This example shows how to serialize and deserialize a DFA without dynamic memory allocation.

use regex_automata::{dfa::{Automaton, dense::DFA}, HalfMatch, Input};

// Compile our original DFA.
let original_dfa = DFA::new("foo[0-9]+")?;

// Create a 4KB buffer on the stack to store our serialized DFA. We
// need to use a special type to force the alignment of our [u8; N]
// array to be aligned to a 4 byte boundary. Otherwise, deserializing
// the DFA may fail because of an alignment mismatch.
#[repr(C)]
struct Aligned<B: ?Sized> {
    _align: [u32; 0],
    bytes: B,
}
let mut buf = Aligned { _align: [], bytes: [0u8; 4 * (1<<10)] };
let written = original_dfa.write_to_native_endian(&mut buf.bytes)?;
let dfa: DFA<&[u32]> = DFA::from_bytes(&buf.bytes[..written])?.0;

let expected = Some(HalfMatch::must(0, 8));
assert_eq!(expected, dfa.try_search_fwd(&Input::new("foo12345"))?);
source

pub fn write_to_len(&self) -> usize

Return the total number of bytes required to serialize this DFA.

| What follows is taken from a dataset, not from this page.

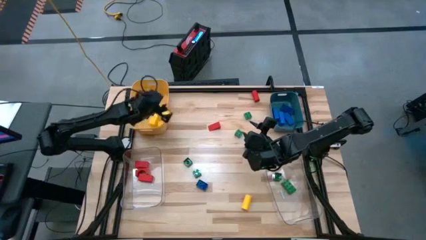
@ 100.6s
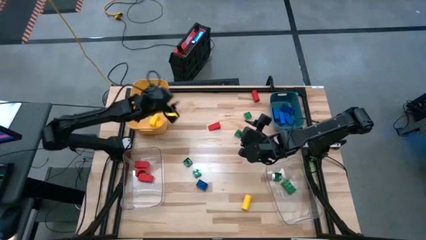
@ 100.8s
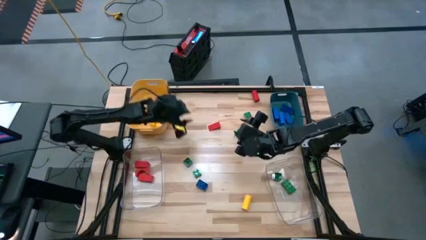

This is useful for determining the size of the buffer required to pass to one of the serialization routines:

Passing a buffer smaller than the size returned by this method will result in a serialization error. Serialization routines are guaranteed to succeed when the buffer is big enough.

§Example

This example shows how to dynamically allocate enough room to serialize a DFA.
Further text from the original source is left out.